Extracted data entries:
↓↓↓
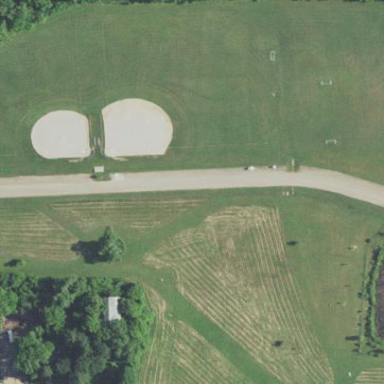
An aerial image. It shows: Disc golf course on leisure land.
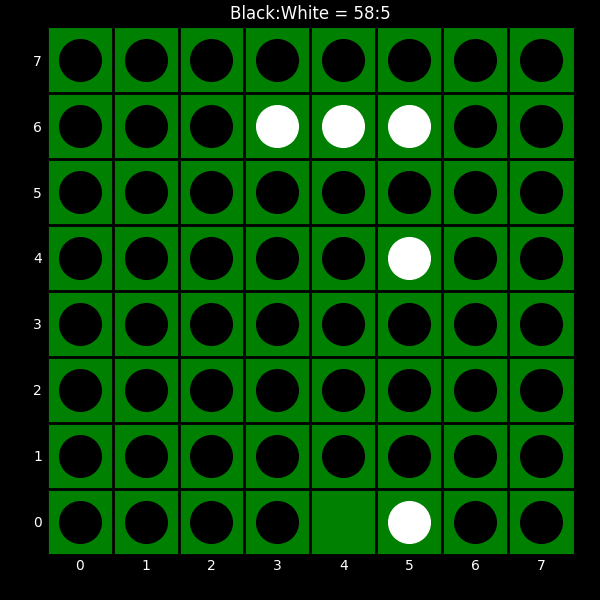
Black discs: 58
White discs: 5
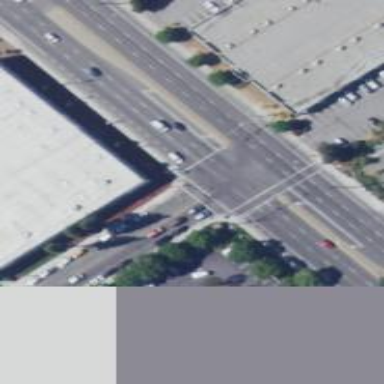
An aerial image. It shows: Solid stop line on the road.
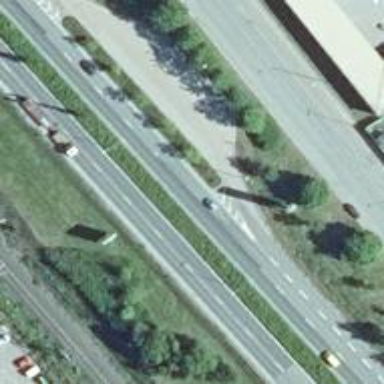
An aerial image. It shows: Trunk highway.
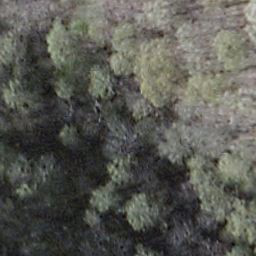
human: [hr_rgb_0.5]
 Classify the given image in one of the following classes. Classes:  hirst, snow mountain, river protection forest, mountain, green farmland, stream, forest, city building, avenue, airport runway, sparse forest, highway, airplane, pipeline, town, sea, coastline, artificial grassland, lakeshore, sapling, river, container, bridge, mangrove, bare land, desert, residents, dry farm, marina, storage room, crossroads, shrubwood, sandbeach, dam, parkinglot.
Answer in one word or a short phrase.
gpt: shrubwood
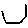
Label: hexagon
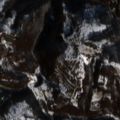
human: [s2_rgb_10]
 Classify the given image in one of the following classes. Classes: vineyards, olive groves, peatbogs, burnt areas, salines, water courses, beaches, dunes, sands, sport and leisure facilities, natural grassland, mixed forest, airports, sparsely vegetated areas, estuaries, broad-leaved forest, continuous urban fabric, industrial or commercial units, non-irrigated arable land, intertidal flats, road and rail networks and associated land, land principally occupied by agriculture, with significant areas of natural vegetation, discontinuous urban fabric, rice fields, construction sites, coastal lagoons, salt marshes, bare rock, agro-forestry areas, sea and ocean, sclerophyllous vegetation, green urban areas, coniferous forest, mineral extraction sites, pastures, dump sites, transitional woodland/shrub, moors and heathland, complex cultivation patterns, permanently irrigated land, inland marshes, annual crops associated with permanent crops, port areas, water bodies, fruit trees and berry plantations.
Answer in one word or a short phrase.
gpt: broad-leaved forest, transitional woodland/shrub
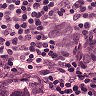
Metastatic tissue present: yes
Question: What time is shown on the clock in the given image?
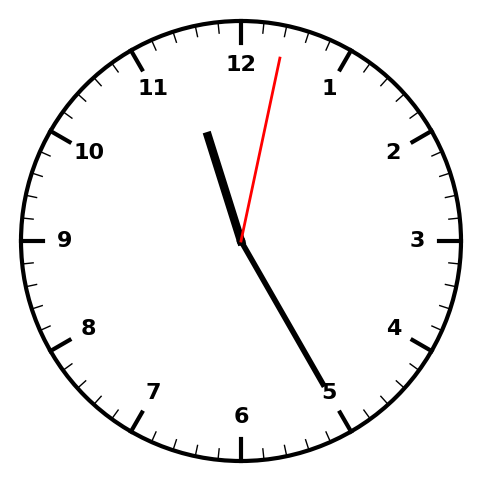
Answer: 11:25:02
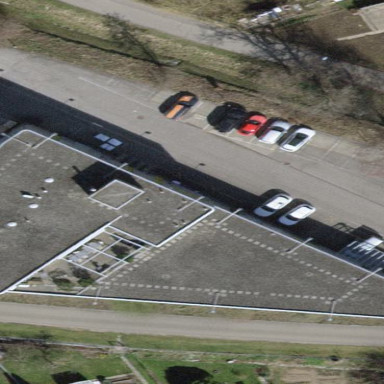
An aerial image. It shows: Flat roofed building.
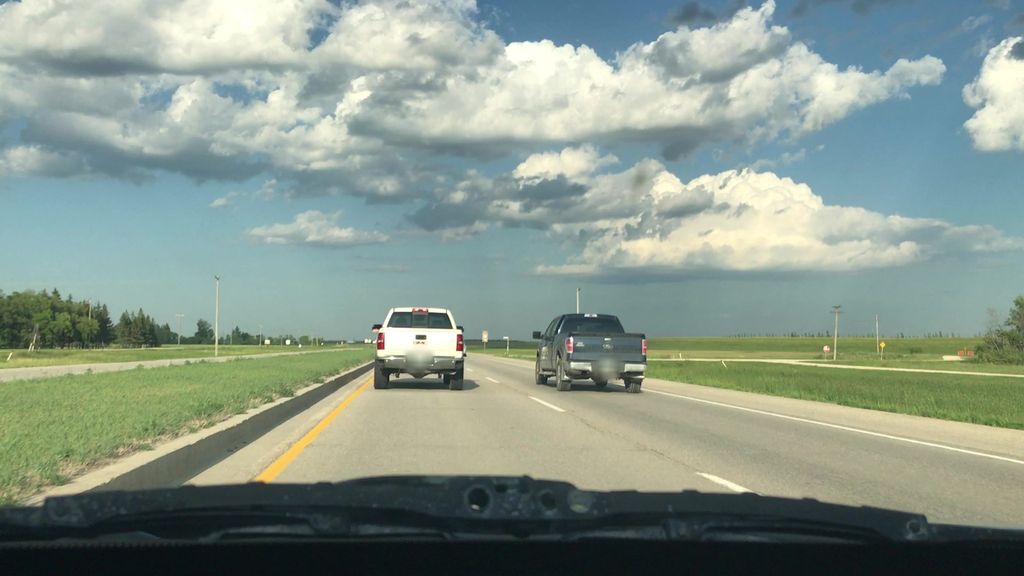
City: winnipeg
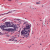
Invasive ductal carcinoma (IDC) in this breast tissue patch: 0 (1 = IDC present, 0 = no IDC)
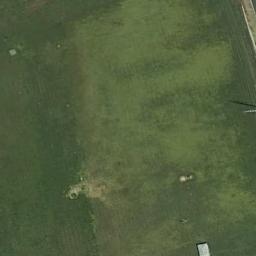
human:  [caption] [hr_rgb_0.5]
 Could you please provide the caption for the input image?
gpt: A large dark green and light green mixed grass .

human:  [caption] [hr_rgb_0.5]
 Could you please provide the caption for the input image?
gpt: This meadow has different sparsity in different places .

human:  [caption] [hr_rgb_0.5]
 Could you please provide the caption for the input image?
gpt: There is no grass in some parts of the meadow .

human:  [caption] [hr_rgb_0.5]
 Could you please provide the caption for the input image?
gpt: There are two yellow lines on the grass .

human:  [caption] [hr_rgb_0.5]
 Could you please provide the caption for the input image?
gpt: A dense meadow with many green grass .
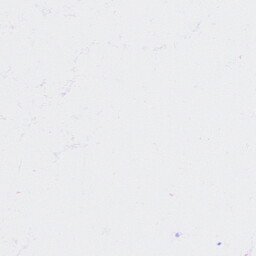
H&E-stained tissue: Ovarian
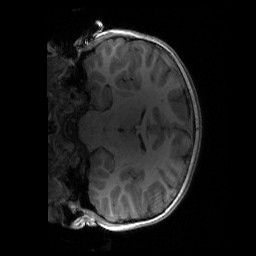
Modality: T1w
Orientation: coronal
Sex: male
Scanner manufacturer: siemens
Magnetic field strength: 3 T
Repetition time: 1.9 s
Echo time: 0.00243 s
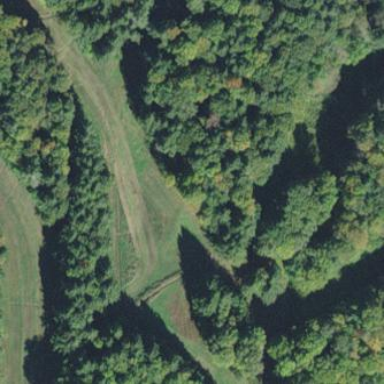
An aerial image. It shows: Advanced downhill skiing slope.
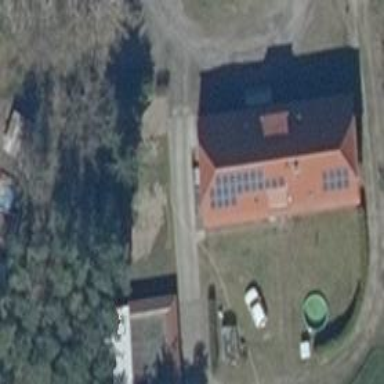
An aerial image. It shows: Solar photovoltaic panel generator producing electricity in small installation.
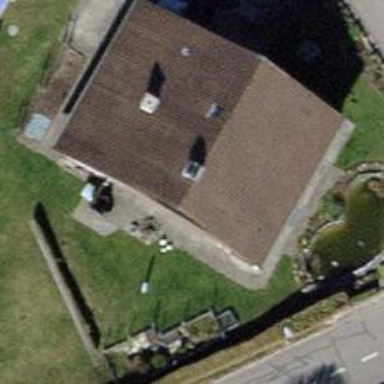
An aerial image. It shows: Gabled roofed house.
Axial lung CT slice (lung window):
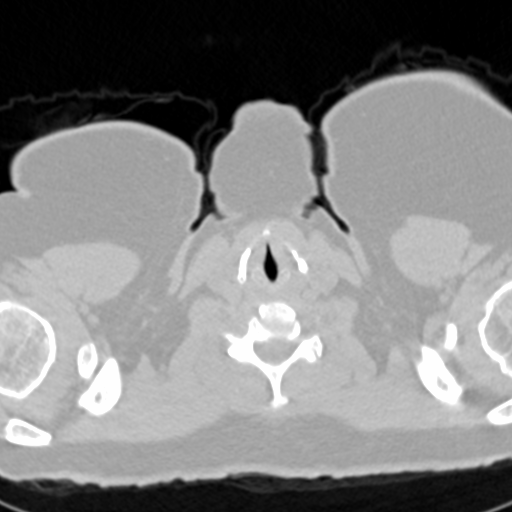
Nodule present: no
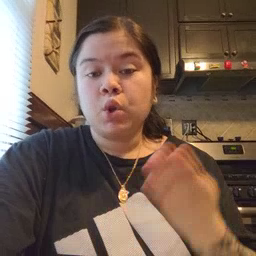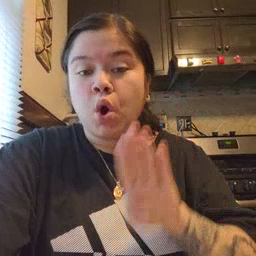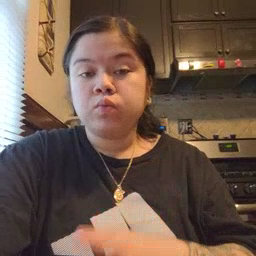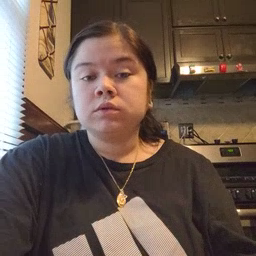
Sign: close
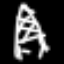
Label: The Eiffel Tower
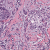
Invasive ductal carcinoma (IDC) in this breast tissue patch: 1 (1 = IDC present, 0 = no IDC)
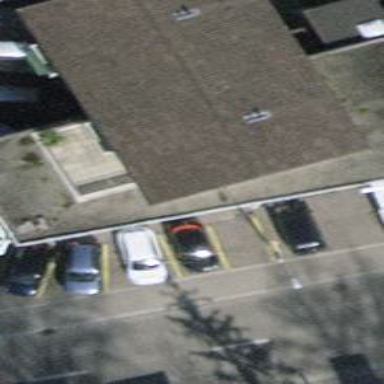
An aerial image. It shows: Car shop.
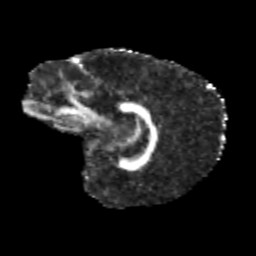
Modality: FA
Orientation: sagittal
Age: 9
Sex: female
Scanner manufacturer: siemens
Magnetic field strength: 3 T
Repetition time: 3.8 s
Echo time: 0.07 s
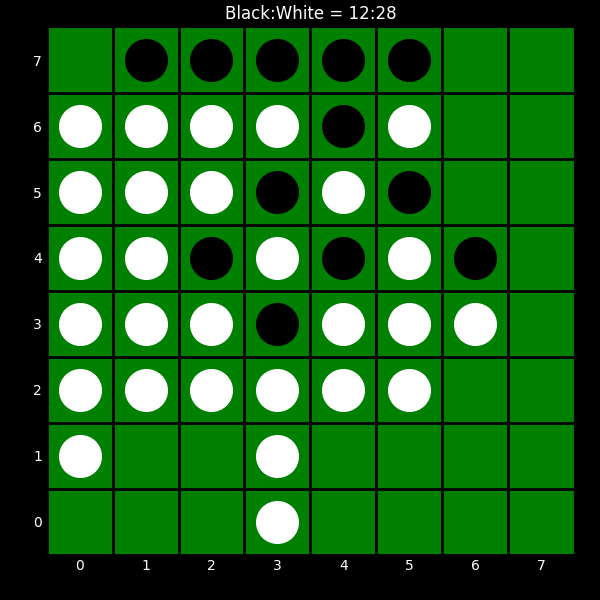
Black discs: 12
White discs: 28
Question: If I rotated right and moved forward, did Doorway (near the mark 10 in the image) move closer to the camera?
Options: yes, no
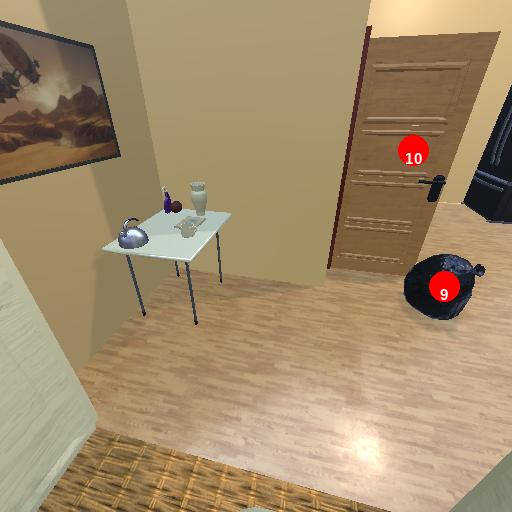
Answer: yes
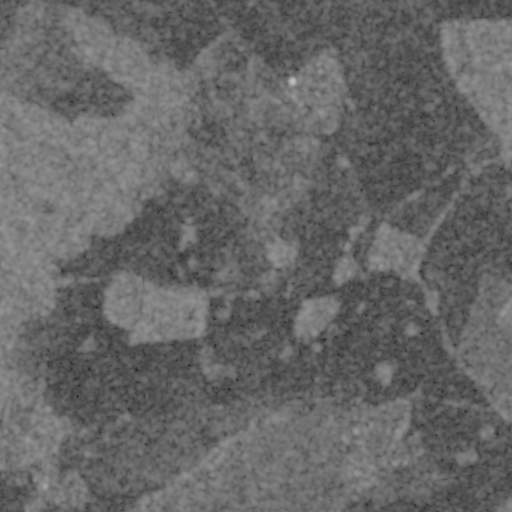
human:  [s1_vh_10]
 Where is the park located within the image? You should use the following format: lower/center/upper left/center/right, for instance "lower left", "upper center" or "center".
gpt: The park is located in the lower left of the image.
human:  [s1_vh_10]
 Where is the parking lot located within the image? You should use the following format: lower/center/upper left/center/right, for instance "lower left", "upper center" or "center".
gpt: The parking lot is located in the lower right of the image.
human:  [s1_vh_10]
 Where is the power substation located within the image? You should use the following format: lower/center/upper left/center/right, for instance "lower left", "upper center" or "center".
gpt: The power substation is located in the lower center of the image.
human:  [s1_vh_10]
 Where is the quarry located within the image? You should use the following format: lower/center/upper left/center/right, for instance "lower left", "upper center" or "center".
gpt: The quarry is located in the upper center of the image.
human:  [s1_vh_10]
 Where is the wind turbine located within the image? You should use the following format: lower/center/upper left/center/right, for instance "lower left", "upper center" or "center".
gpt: The wind turbine is located in the lower center of the image.
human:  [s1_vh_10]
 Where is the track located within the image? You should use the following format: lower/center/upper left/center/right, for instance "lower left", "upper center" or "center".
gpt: There is no track in the image.

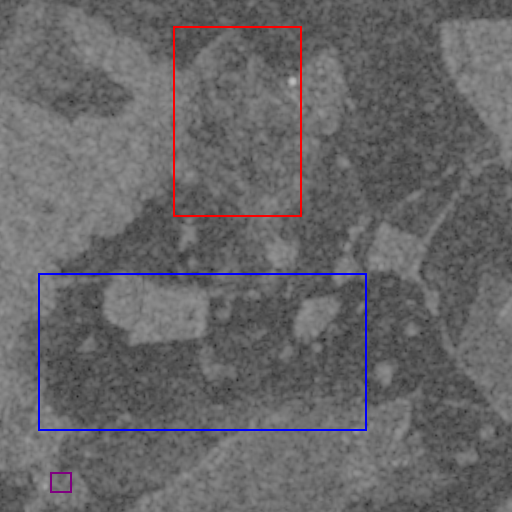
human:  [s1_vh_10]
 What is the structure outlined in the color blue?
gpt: The structure outlined in blue is a crop field.
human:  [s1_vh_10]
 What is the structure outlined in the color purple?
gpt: The structure outlined in purple is a park.
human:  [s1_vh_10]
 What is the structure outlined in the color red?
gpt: The structure outlined in red is a quarry.
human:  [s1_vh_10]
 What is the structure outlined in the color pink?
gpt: There is no pink outline.
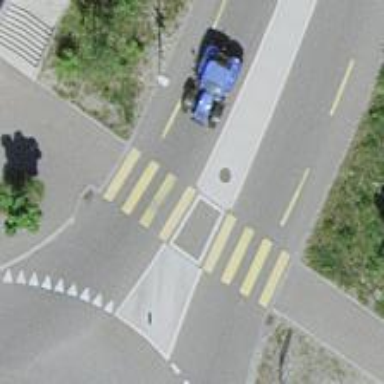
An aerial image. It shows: Zebra crossing on the road.
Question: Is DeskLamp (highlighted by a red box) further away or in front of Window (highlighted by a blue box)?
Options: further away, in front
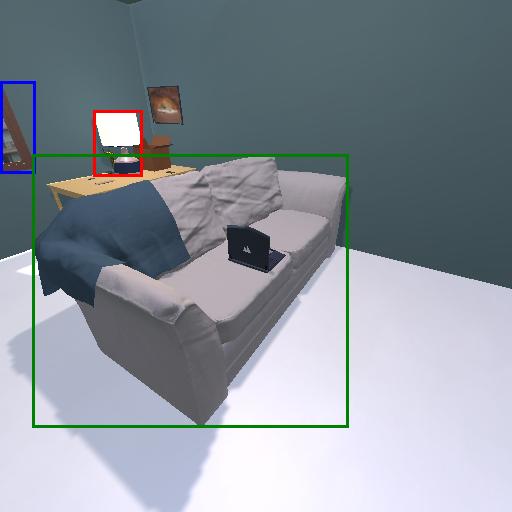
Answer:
↑↑↑
• _What is being asked_
Once the pictures are set aside, transcribe the remaining lines above exactly.

• _Result_
An aerial image. It shows: Disc golf course on leisure land.
Black discs: 58
White discs: 5
An aerial image. It shows: Solid stop line on the road.
An aerial image. It shows: Trunk highway.
human: [hr_rgb_0.5]
 Classify the given image in one of the following classes. Classes:  hirst, snow mountain, river protection forest, mountain, green farmland, stream, forest, city building, avenue, airport runway, sparse forest, highway, airplane, pipeline, town, sea, coastline, artificial grassland, lakeshore, sapling, river, container, bridge, mangrove, bare land, desert, residents, dry farm, marina, storage room, crossroads, shrubwood, sandbeach, dam, parkinglot.
Answer in one word or a short phrase.
gpt: shrubwood
Label: hexagon
human: [s2_rgb_10]
 Classify the given image in one of the following classes. Classes: vineyards, olive groves, peatbogs, burnt areas, salines, water courses, beaches, dunes, sands, sport and leisure facilities, natural grassland, mixed forest, airports, sparsely vegetated areas, estuaries, broad-leaved forest, continuous urban fabric, industrial or commercial units, non-irrigated arable land, intertidal flats, road and rail networks and associated land, land principally occupied by agriculture, with significant areas of natural vegetation, discontinuous urban fabric, rice fields, construction sites, coastal lagoons, salt marshes, bare rock, agro-forestry areas, sea and ocean, sclerophyllous vegetation, green urban areas, coniferous forest, mineral extraction sites, pastures, dump sites, transitional woodland/shrub, moors and heathland, complex cultivation patterns, permanently irrigated land, inland marshes, annual crops associated with permanent crops, port areas, water bodies, fruit trees and berry plantations.
Answer in one word or a short phrase.
gpt: broad-leaved forest, transitional woodland/shrub
Metastatic tissue present: yes
Question: What time is shown on the clock in the given image?
Answer: 11:25:02
An aerial image. It shows: Flat roofed building.
City: winnipeg
Invasive ductal carcinoma (IDC) in this breast tissue patch: 0 (1 = IDC present, 0 = no IDC)
human:  [caption] [hr_rgb_0.5]
 Could you please provide the caption for the input image?
gpt: A large dark green and light green mixed grass .

human:  [caption] [hr_rgb_0.5]
 Could you please provide the caption for the input image?
gpt: This meadow has different sparsity in different places .

human:  [caption] [hr_rgb_0.5]
 Could you please provide the caption for the input image?
gpt: There is no grass in some parts of the meadow .

human:  [caption] [hr_rgb_0.5]
 Could you please provide the caption for the input image?
gpt: There are two yellow lines on the grass .

human:  [caption] [hr_rgb_0.5]
 Could you please provide the caption for the input image?
gpt: A dense meadow with many green grass .
H&E-stained tissue: Ovarian
Modality: T1w
Orientation: coronal
Sex: male
Scanner manufacturer: siemens
Magnetic field strength: 3 T
Repetition time: 1.9 s
Echo time: 0.00243 s
An aerial image. It shows: Advanced downhill skiing slope.
An aerial image. It shows: Solar photovoltaic panel generator producing electricity in small installation.
An aerial image. It shows: Gabled roofed house.
Axial lung CT slice (lung window):
Nodule present: no
Sign: close
Label: The Eiffel Tower
Invasive ductal carcinoma (IDC) in this breast tissue patch: 1 (1 = IDC present, 0 = no IDC)
An aerial image. It shows: Car shop.
Modality: FA
Orientation: sagittal
Age: 9
Sex: female
Scanner manufacturer: siemens
Magnetic field strength: 3 T
Repetition time: 3.8 s
Echo time: 0.07 s
Black discs: 12
White discs: 28
Question: If I rotated right and moved forward, did Doorway (near the mark 10 in the image) move closer to the camera?
Options: yes, no
Answer: yes
human:  [s1_vh_10]
 Where is the park located within the image? You should use the following format: lower/center/upper left/center/right, for instance "lower left", "upper center" or "center".
gpt: The park is located in the lower left of the image.
human:  [s1_vh_10]
 Where is the parking lot located within the image? You should use the following format: lower/center/upper left/center/right, for instance "lower left", "upper center" or "center".
gpt: The parking lot is located in the lower right of the image.
human:  [s1_vh_10]
 Where is the power substation located within the image? You should use the following format: lower/center/upper left/center/right, for instance "lower left", "upper center" or "center".
gpt: The power substation is located in the lower center of the image.
human:  [s1_vh_10]
 Where is the quarry located within the image? You should use the following format: lower/center/upper left/center/right, for instance "lower left", "upper center" or "center".
gpt: The quarry is located in the upper center of the image.
human:  [s1_vh_10]
 Where is the wind turbine located within the image? You should use the following format: lower/center/upper left/center/right, for instance "lower left", "upper center" or "center".
gpt: The wind turbine is located in the lower center of the image.
human:  [s1_vh_10]
 Where is the track located within the image? You should use the following format: lower/center/upper left/center/right, for instance "lower left", "upper center" or "center".
gpt: There is no track in the image.

human:  [s1_vh_10]
 What is the structure outlined in the color blue?
gpt: The structure outlined in blue is a crop field.
human:  [s1_vh_10]
 What is the structure outlined in the color purple?
gpt: The structure outlined in purple is a park.
human:  [s1_vh_10]
 What is the structure outlined in the color red?
gpt: The structure outlined in red is a quarry.
human:  [s1_vh_10]
 What is the structure outlined in the color pink?
gpt: There is no pink outline.
An aerial image. It shows: Zebra crossing on the road.
Question: Is DeskLamp (highlighted by a red box) further away or in front of Window (highlighted by a blue box)?
Options: further away, in front
Answer:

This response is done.